Data excerpts:
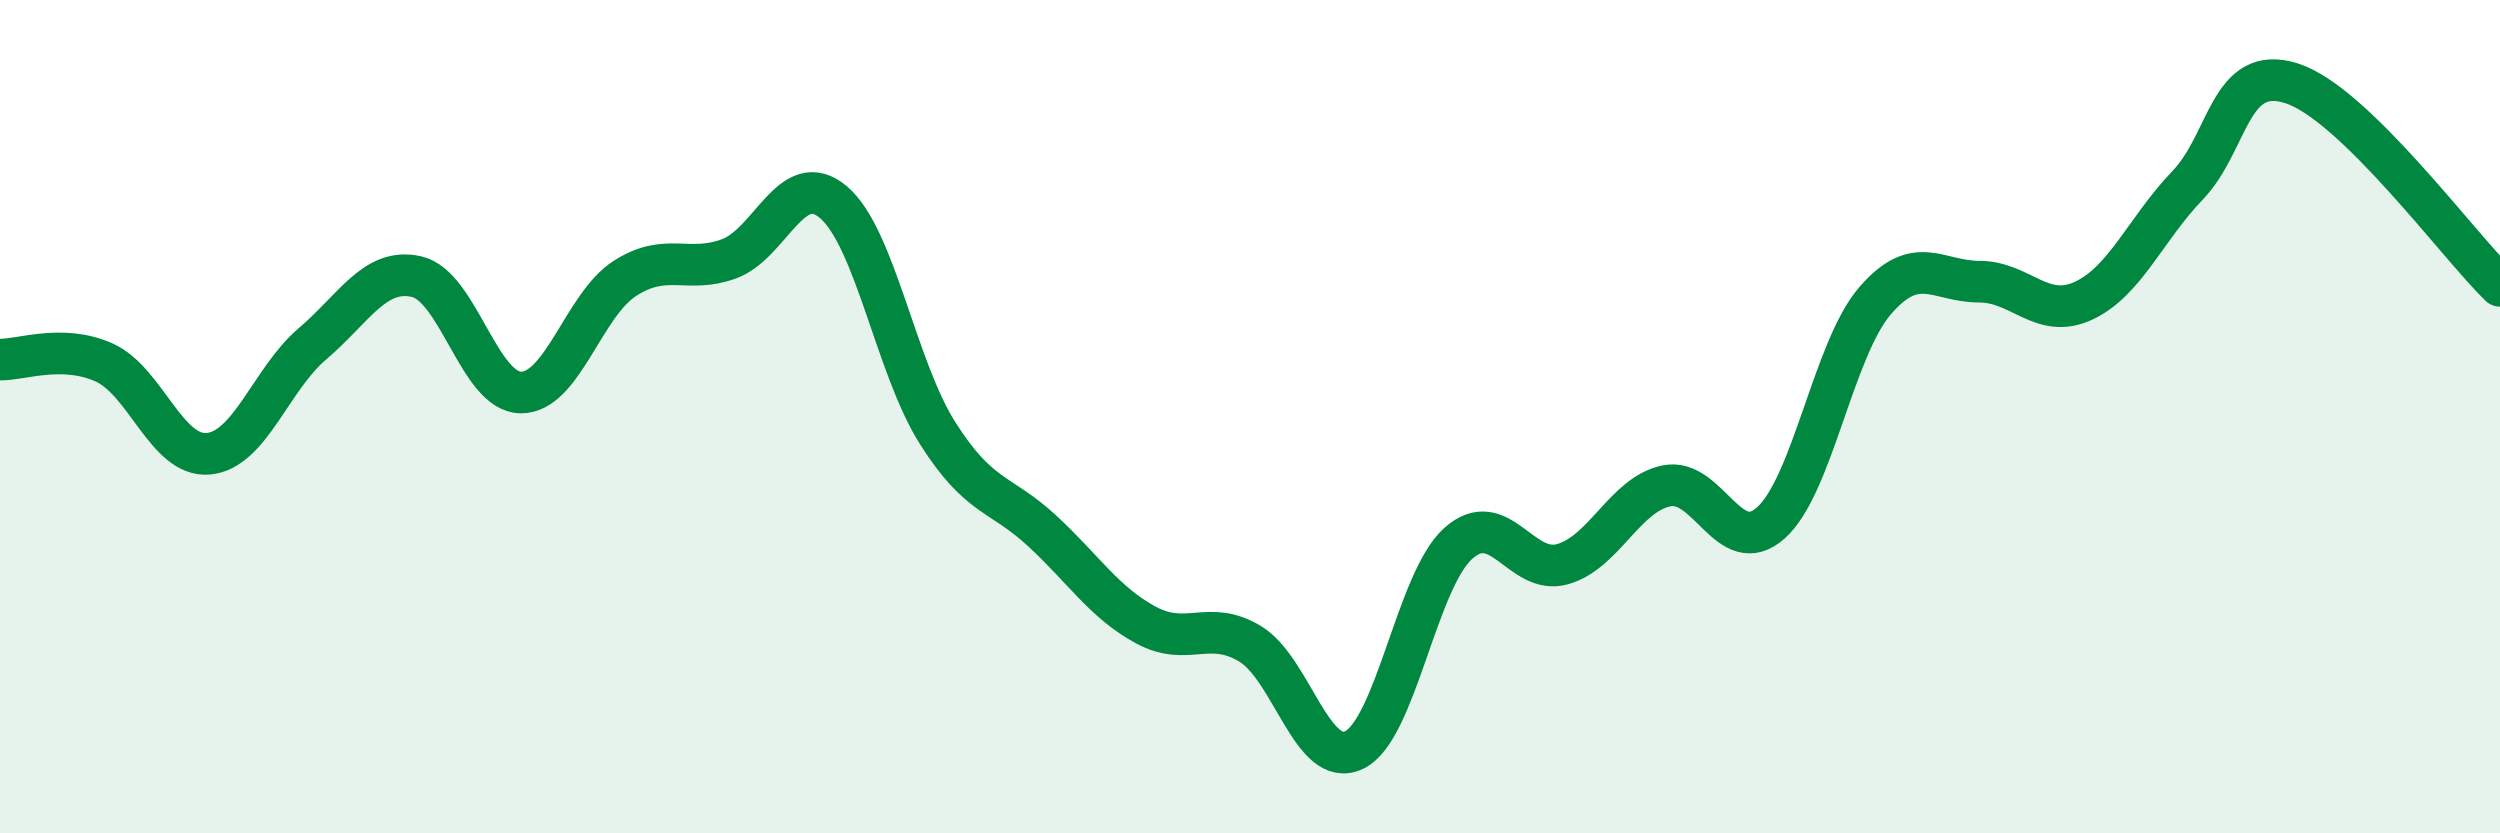 
    <svg width="60" height="20" viewBox="0 0 60 20" xmlns="http://www.w3.org/2000/svg">
      <path
        d="M 0,8.63 C 0.5,8.64 1.5,8.25 2.5,8.7 C 3.5,9.15 4,10.98 5,10.89 C 6,10.8 6.5,9.1 7.5,8.25 C 8.5,7.4 9,6.41 10,6.64 C 11,6.87 11.5,9.41 12.5,9.42 C 13.5,9.43 14,7.32 15,6.68 C 16,6.04 16.5,6.58 17.5,6.21 C 18.5,5.84 19,4.01 20,4.85 C 21,5.69 21.5,8.81 22.5,10.39 C 23.5,11.97 24,11.81 25,12.73 C 26,13.65 26.5,14.46 27.5,15 C 28.5,15.54 29,14.85 30,15.45 C 31,16.05 31.5,18.48 32.5,18 C 33.5,17.52 34,13.93 35,13.04 C 36,12.15 36.5,13.82 37.5,13.54 C 38.5,13.26 39,11.86 40,11.66 C 41,11.46 41.5,13.44 42.5,12.55 C 43.5,11.66 44,8.38 45,7.22 C 46,6.06 46.5,6.76 47.5,6.76 C 48.5,6.76 49,7.68 50,7.22 C 51,6.76 51.5,5.49 52.5,4.45 C 53.5,3.41 53.5,1.52 55,2 C 56.5,2.48 59,5.89 60,6.86L60 20L0 20Z"
        fill="#008740"
        opacity="0.1"
        stroke-linecap="round"
        stroke-linejoin="round"
      />
      <path
        d="M 0,8.63 C 0.5,8.64 1.5,8.25 2.5,8.7 C 3.5,9.15 4,10.98 5,10.89 C 6,10.8 6.5,9.1 7.5,8.25 C 8.5,7.4 9,6.41 10,6.64 C 11,6.87 11.5,9.41 12.5,9.42 C 13.5,9.43 14,7.32 15,6.68 C 16,6.04 16.5,6.58 17.5,6.21 C 18.5,5.84 19,4.01 20,4.85 C 21,5.69 21.5,8.81 22.5,10.39 C 23.5,11.97 24,11.81 25,12.73 C 26,13.65 26.5,14.46 27.5,15 C 28.5,15.54 29,14.85 30,15.45 C 31,16.05 31.5,18.48 32.5,18 C 33.5,17.52 34,13.93 35,13.04 C 36,12.15 36.5,13.82 37.5,13.54 C 38.5,13.26 39,11.86 40,11.66 C 41,11.46 41.5,13.44 42.5,12.55 C 43.5,11.66 44,8.38 45,7.22 C 46,6.06 46.5,6.76 47.5,6.76 C 48.5,6.76 49,7.68 50,7.22 C 51,6.76 51.5,5.49 52.5,4.45 C 53.5,3.41 53.5,1.52 55,2 C 56.5,2.48 59,5.89 60,6.86"
        stroke="#008740"
        stroke-width="1"
        fill="none"
        stroke-linecap="round"
        stroke-linejoin="round"
      />
    </svg>

:: Exercise description ::
A verbatim reproduction of each entry is expected, with every picture omitted.

:: Result for this task ::
    <svg width="60" height="20" viewBox="0 0 60 20" xmlns="http://www.w3.org/2000/svg">
      <path
        d="M 0,8.63 C 0.5,8.64 1.5,8.25 2.5,8.7 C 3.5,9.15 4,10.98 5,10.89 C 6,10.8 6.5,9.1 7.5,8.25 C 8.5,7.4 9,6.41 10,6.64 C 11,6.87 11.5,9.41 12.5,9.42 C 13.5,9.43 14,7.32 15,6.68 C 16,6.04 16.5,6.58 17.5,6.21 C 18.5,5.84 19,4.01 20,4.85 C 21,5.69 21.5,8.81 22.5,10.39 C 23.5,11.97 24,11.81 25,12.73 C 26,13.65 26.5,14.46 27.5,15 C 28.5,15.54 29,14.85 30,15.45 C 31,16.05 31.5,18.48 32.5,18 C 33.5,17.52 34,13.93 35,13.04 C 36,12.15 36.5,13.82 37.5,13.54 C 38.5,13.26 39,11.86 40,11.66 C 41,11.46 41.5,13.44 42.5,12.55 C 43.5,11.66 44,8.38 45,7.22 C 46,6.06 46.5,6.76 47.5,6.76 C 48.5,6.76 49,7.68 50,7.22 C 51,6.76 51.5,5.49 52.5,4.45 C 53.5,3.41 53.5,1.52 55,2 C 56.5,2.48 59,5.89 60,6.86L60 20L0 20Z"
        fill="#008740"
        opacity="0.1"
        stroke-linecap="round"
        stroke-linejoin="round"
      />
      <path
        d="M 0,8.63 C 0.5,8.64 1.5,8.25 2.5,8.7 C 3.5,9.15 4,10.98 5,10.89 C 6,10.8 6.5,9.1 7.5,8.25 C 8.5,7.4 9,6.41 10,6.64 C 11,6.87 11.5,9.41 12.5,9.42 C 13.5,9.43 14,7.32 15,6.68 C 16,6.04 16.5,6.58 17.5,6.21 C 18.5,5.84 19,4.01 20,4.85 C 21,5.69 21.5,8.81 22.5,10.39 C 23.5,11.97 24,11.81 25,12.73 C 26,13.65 26.5,14.46 27.5,15 C 28.5,15.54 29,14.85 30,15.45 C 31,16.05 31.5,18.48 32.5,18 C 33.5,17.52 34,13.93 35,13.04 C 36,12.15 36.5,13.82 37.5,13.54 C 38.5,13.26 39,11.86 40,11.66 C 41,11.46 41.5,13.44 42.5,12.55 C 43.5,11.66 44,8.38 45,7.22 C 46,6.06 46.5,6.76 47.5,6.76 C 48.5,6.76 49,7.68 50,7.22 C 51,6.76 51.5,5.49 52.5,4.45 C 53.5,3.41 53.5,1.52 55,2 C 56.5,2.48 59,5.89 60,6.86"
        stroke="#008740"
        stroke-width="1"
        fill="none"
        stroke-linecap="round"
        stroke-linejoin="round"
      />
    </svg>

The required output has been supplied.